HOW TO WIN FRIENDS AND DESTROY RECORDS. I just sort of assumed that Melvin Gordon's record-setting day against Nebraska involved a demolitions expert, a supremely confident con man, one of the world's best hackers, a pickpocket who's also an art history professor, and a getaway driver. But that's why we have Ian Boyd, who can give you the actual explanation. (I do think the pickpocket is probably involved.)

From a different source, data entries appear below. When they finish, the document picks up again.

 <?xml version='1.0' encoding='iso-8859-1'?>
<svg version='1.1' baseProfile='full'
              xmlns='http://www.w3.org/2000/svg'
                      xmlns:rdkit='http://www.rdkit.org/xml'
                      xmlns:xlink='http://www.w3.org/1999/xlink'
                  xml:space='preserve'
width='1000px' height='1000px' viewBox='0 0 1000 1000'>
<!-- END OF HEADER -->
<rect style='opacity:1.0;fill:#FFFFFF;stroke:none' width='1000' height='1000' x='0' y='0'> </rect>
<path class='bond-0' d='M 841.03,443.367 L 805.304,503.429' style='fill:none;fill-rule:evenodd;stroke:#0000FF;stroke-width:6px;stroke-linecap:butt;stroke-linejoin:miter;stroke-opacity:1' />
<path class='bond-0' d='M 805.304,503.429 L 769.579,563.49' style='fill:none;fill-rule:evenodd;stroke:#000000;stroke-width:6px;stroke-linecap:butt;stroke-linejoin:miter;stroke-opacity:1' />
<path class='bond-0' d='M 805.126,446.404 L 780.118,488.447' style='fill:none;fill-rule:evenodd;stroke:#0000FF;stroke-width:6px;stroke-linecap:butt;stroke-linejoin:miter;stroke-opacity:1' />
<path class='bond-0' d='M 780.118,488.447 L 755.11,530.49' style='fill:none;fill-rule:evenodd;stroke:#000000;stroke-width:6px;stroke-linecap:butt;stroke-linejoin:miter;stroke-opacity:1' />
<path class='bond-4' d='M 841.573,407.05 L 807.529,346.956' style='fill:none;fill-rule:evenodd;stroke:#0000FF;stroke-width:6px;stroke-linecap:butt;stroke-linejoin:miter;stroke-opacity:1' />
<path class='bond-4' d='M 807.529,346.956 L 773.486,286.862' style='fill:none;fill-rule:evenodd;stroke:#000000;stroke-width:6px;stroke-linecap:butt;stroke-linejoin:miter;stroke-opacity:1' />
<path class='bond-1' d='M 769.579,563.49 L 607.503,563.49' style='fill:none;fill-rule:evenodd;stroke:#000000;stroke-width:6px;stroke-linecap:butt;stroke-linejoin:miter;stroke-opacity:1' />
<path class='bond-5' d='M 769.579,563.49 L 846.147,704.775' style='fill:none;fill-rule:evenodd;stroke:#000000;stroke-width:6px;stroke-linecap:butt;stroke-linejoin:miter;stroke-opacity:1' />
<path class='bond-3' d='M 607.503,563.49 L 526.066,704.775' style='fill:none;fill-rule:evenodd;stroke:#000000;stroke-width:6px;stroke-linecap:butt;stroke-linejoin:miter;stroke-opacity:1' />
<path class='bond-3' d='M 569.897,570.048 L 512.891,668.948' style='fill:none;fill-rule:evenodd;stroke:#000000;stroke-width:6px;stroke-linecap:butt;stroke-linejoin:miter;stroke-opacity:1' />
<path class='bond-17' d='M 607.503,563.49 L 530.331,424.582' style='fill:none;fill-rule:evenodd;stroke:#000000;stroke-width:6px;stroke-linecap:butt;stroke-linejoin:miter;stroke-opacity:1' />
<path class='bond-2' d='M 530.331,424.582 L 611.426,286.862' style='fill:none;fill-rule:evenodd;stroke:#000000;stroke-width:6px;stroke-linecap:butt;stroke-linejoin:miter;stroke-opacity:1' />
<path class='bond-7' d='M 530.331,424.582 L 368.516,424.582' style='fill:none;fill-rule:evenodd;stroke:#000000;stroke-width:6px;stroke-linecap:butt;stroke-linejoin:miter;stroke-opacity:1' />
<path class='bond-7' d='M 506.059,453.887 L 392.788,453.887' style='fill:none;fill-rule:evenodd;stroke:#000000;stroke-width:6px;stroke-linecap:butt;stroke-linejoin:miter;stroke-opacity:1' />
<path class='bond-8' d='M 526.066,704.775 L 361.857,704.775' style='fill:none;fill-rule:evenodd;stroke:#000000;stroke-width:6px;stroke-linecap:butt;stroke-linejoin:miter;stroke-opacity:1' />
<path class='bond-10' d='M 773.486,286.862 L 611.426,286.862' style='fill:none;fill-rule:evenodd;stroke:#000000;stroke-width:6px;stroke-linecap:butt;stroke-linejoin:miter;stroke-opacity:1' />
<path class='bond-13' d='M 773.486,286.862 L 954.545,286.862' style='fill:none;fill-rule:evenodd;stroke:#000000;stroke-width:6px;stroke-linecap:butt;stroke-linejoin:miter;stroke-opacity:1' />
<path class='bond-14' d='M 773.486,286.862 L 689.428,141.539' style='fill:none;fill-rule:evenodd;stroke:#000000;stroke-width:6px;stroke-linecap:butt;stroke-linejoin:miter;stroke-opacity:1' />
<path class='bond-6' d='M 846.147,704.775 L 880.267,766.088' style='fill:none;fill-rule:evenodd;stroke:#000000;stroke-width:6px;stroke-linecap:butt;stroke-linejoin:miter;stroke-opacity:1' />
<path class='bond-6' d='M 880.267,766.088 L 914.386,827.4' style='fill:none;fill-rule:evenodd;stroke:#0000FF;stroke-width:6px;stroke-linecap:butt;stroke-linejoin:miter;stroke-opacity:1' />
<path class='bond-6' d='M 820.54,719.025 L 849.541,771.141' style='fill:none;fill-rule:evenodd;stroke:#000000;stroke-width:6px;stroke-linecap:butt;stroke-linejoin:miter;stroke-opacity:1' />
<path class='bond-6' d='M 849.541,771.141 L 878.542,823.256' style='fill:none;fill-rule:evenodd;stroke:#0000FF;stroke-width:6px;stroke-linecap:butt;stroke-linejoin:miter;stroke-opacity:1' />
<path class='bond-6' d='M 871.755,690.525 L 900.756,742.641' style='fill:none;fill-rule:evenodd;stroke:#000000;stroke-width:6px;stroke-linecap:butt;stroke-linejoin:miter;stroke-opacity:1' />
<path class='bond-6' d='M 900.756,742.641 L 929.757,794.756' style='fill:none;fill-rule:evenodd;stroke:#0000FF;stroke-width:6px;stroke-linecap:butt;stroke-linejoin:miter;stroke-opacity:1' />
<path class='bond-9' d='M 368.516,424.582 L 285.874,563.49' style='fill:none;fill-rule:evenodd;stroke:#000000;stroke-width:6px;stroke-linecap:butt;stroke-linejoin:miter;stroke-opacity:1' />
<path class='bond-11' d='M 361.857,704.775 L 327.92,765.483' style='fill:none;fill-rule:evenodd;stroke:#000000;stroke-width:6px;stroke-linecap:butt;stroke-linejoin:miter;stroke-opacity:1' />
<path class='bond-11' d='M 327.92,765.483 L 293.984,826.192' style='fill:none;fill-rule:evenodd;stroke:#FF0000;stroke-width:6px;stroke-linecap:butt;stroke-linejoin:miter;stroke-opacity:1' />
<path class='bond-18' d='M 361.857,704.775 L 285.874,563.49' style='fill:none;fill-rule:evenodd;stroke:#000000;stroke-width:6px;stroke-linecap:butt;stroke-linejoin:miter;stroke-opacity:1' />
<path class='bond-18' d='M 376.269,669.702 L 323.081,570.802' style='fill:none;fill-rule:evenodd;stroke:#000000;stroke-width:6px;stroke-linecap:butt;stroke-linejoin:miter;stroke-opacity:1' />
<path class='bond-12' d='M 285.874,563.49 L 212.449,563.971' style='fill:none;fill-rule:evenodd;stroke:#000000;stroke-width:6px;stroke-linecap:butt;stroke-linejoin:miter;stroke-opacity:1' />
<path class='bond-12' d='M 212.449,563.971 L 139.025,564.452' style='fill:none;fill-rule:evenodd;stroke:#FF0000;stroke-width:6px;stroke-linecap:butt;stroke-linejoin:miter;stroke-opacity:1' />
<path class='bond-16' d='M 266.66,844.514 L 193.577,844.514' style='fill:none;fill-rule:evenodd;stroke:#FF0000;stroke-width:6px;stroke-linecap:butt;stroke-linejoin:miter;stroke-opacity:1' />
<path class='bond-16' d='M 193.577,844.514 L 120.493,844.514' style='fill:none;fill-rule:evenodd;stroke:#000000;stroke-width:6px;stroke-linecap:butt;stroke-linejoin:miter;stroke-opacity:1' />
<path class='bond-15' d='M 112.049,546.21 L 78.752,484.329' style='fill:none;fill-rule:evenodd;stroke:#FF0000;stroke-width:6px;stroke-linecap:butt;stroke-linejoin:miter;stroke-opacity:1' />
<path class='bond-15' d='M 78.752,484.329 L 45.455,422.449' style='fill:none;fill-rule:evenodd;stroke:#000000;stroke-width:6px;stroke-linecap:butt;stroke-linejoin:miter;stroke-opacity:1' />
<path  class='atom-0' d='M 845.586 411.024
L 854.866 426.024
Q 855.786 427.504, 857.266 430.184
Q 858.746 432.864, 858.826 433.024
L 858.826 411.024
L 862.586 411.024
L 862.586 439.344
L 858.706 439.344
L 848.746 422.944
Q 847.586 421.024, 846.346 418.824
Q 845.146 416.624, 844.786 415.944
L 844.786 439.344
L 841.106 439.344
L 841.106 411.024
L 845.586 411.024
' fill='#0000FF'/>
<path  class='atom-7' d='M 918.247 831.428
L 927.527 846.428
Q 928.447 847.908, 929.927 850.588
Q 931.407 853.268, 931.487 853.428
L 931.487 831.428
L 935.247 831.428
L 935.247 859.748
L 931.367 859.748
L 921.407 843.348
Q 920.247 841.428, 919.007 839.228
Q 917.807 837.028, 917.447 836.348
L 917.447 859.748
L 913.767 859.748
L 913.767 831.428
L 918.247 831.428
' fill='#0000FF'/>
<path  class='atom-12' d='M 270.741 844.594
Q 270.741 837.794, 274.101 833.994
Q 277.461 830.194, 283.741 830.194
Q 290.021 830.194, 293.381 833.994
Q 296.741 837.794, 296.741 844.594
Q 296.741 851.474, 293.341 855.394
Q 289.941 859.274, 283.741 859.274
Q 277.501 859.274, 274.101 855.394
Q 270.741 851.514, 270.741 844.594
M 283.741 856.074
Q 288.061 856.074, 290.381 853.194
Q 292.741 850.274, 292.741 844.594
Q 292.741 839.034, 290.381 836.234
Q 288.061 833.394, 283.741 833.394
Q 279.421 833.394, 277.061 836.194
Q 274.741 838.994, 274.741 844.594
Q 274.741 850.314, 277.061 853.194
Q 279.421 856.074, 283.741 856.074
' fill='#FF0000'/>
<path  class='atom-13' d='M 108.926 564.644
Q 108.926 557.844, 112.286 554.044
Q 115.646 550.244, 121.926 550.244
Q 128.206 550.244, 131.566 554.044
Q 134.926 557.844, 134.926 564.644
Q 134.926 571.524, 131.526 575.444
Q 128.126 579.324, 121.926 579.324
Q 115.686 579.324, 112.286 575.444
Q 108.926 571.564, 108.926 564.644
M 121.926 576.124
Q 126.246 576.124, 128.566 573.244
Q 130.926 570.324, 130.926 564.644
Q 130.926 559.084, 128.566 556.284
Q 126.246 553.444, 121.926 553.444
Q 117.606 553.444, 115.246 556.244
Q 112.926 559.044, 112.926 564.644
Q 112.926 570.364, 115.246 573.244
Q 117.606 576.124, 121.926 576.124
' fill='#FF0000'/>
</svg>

THE PAWWWWWWWL-KNOWING. Finebaum says he has the short list Florida's using to find the next head coach, and, of the four names on it, two have publicly stated they're not interested, one makes over six million dollars a year in the NFL, and the last is widely regarded to have a bad relationship with Florida's AD. Paul Finebaum Industries: You Don't Have To Be Right, You Just Have To Be Interesting.
WELL NOW YOU TELL HIM. There's an uncomfortable amount of truth to Faux Pelini's guide on how to not get fired as a college football head coach. Lane Kiffin was terrible at pretty much every one of these at USC, and that's why he got left in an airport parking lot. Never forget: Alabama's offensive coordinator was thrown away in an airport parking lot like a Diet Sunkist you can't bring on the plane.
PREPARE FOR AN OFFSEASON OF THIS. In theory, it is a good thing that Ohio State has two excellent options at quarterback. In practice, we are going to get five straight months of "I heard Braxton Miller's really interested in the graduate programs at Louisville and I saw him walking out of a Papa John's the other day so yeah it's basically a done deal."
THE ART OF MICHIGAN BONSAI TRIMMING. Lloyd Carr kept his coaching tree small, and not very good, and my god Ron English is really one of the best names on here isn't he?
ETC. Good: this video, whatever it is. Bad: SEALS ARE FUCKING PENGUINS AND THEN EATING THEM AFTERWARDS WHAT THE HELL.